Description

The .mode command sets the output mode. This determines how the output data is formatted and presented. The optional table name is only used by the insert mode. The default mode is list. Supported modes include:

column

Output is in a tabular format, with one row per line. The width of each column is defined by the values provided by the .width command. Output will be clipped to fit into the column width. If headers are on, the first two lines will be the column names, followed by separator dashes. In most cases, this is the easiest format for humans to read, assuming the column widths are set to something useful.

csv

Output is in comma-separated values, with one row per line. Each value is separated by a single comma character with no trailing space. If headers are on, the first line will be the set of column names. If a value contains a comma, the value will be enclosed in double quotes. If the value contains a double quote character, the SQL rules for escaping quotes will be used and the literal double quote will be replaced with two double quote characters in sequence. This is not what many CSV importers expect, however.

html

Output is in an HTML table format. Each database row will be output as a <tr> element (table row). If headers are on, the first table row element will contain the column names. For older versions of HTML, the output is suitable to place within a <table> element.

insert

Output is a series of SQL INSERT statements. If a table name is given as part of the .mode command, that name will be used as the table in the INSERT statement. If no table name is given, the name table will be used. The header flag has no effect in this mode.

line

Output is one value per line in the format column_name = value (with some possible leading white space before the column name). Each row is separated by a blank line. The header flag has no effect in this mode.
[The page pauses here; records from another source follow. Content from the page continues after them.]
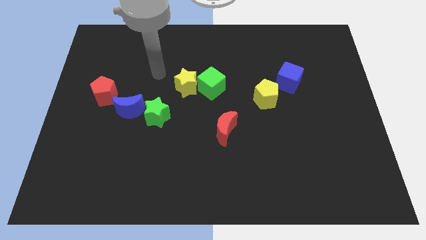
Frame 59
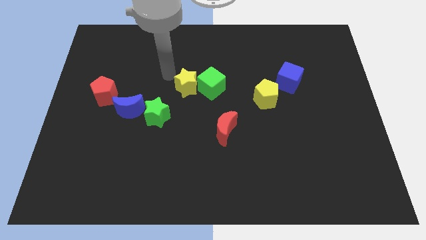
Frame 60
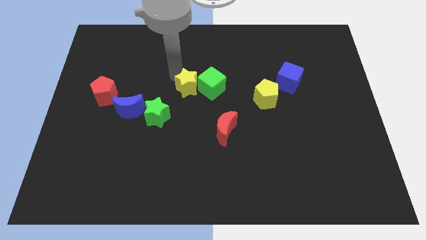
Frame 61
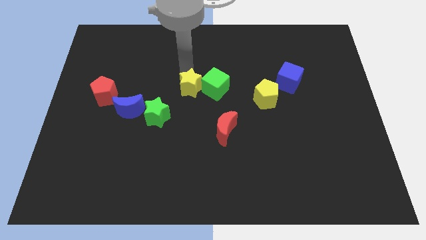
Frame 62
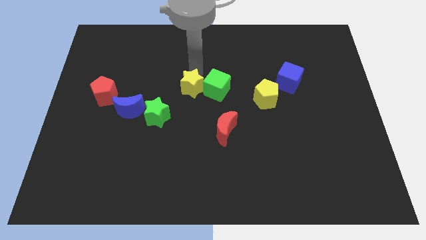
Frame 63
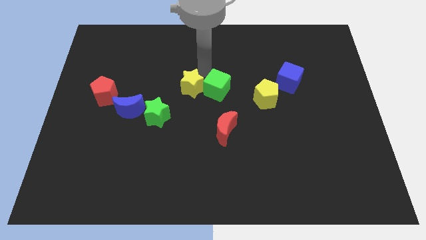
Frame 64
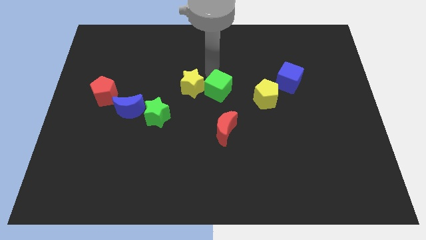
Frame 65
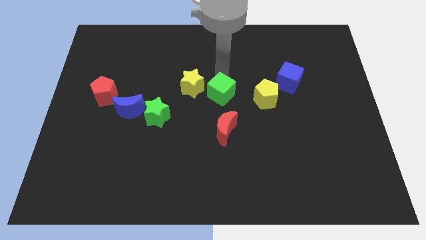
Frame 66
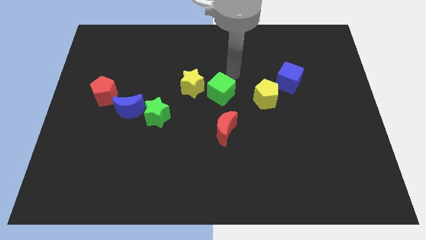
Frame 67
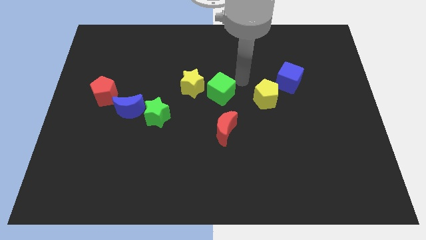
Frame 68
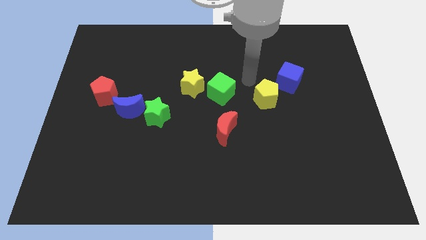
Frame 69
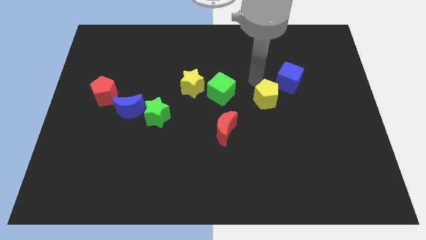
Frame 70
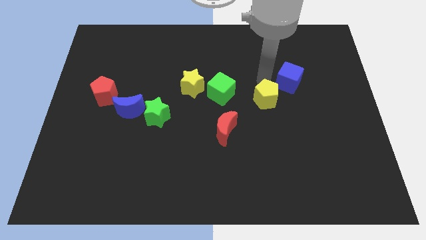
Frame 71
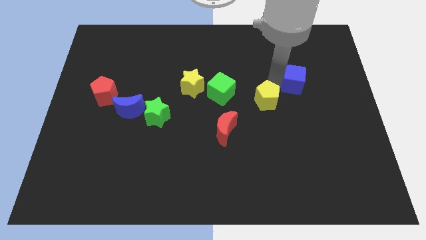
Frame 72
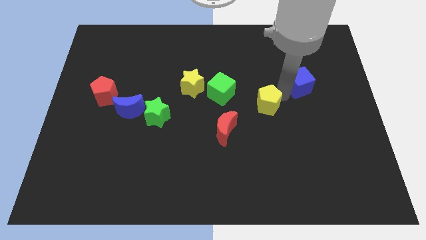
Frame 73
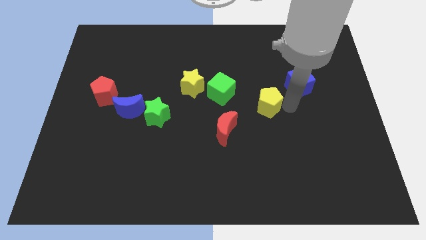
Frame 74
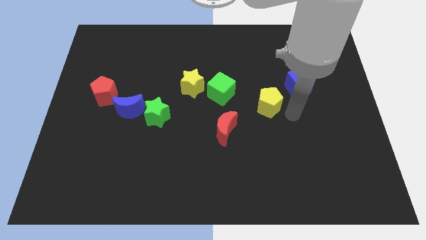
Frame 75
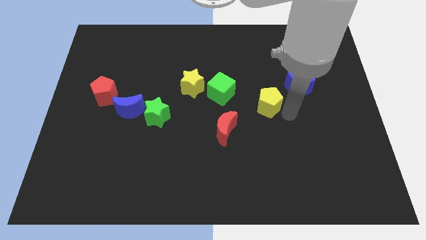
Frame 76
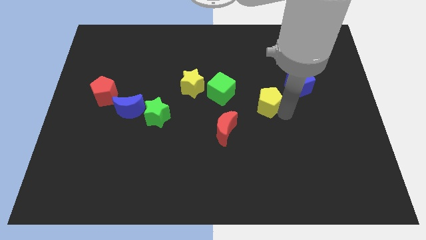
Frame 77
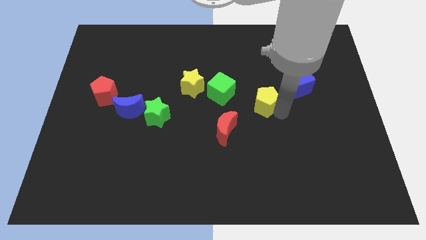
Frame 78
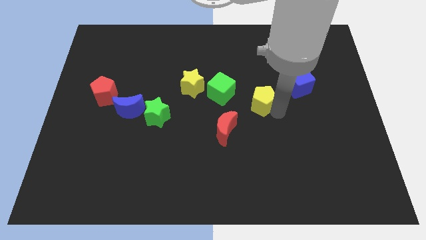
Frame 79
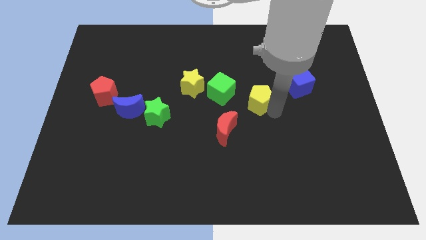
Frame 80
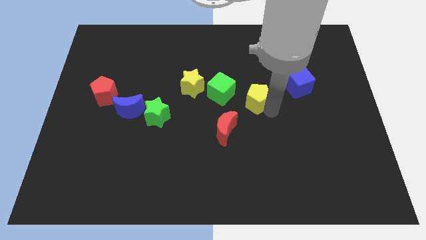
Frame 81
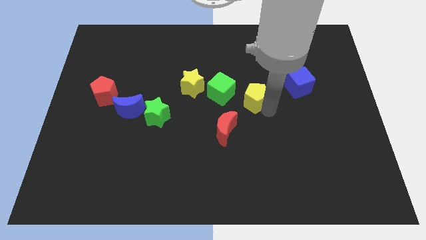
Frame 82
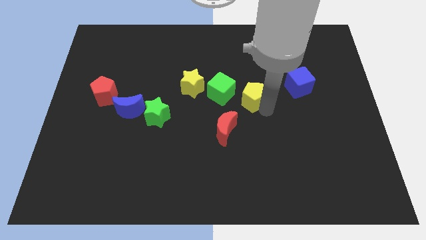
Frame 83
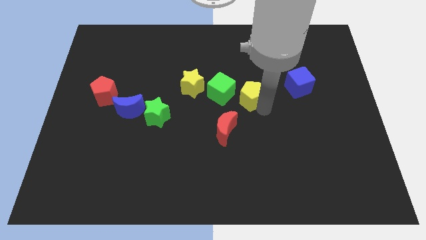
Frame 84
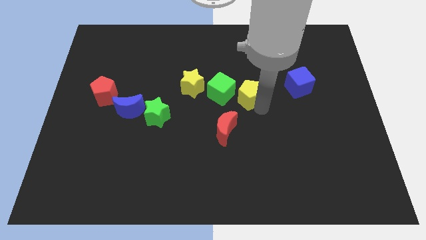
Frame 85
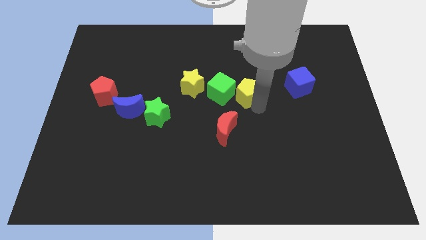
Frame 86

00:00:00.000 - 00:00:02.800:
push the yellow pentagon next to the green cube

If the output of sqlite3 is fed directly into a script or other automated system, be very sure you understand how values are delimited and that there are provisions to quote, escape, or avoid any separators within the returned values. Of specific note, be aware that the CSV format is not nearly as universal as many people think. While the format works well for numbers and simple data, if text values require quoting or escape sequences, compatibility should be tested before being used.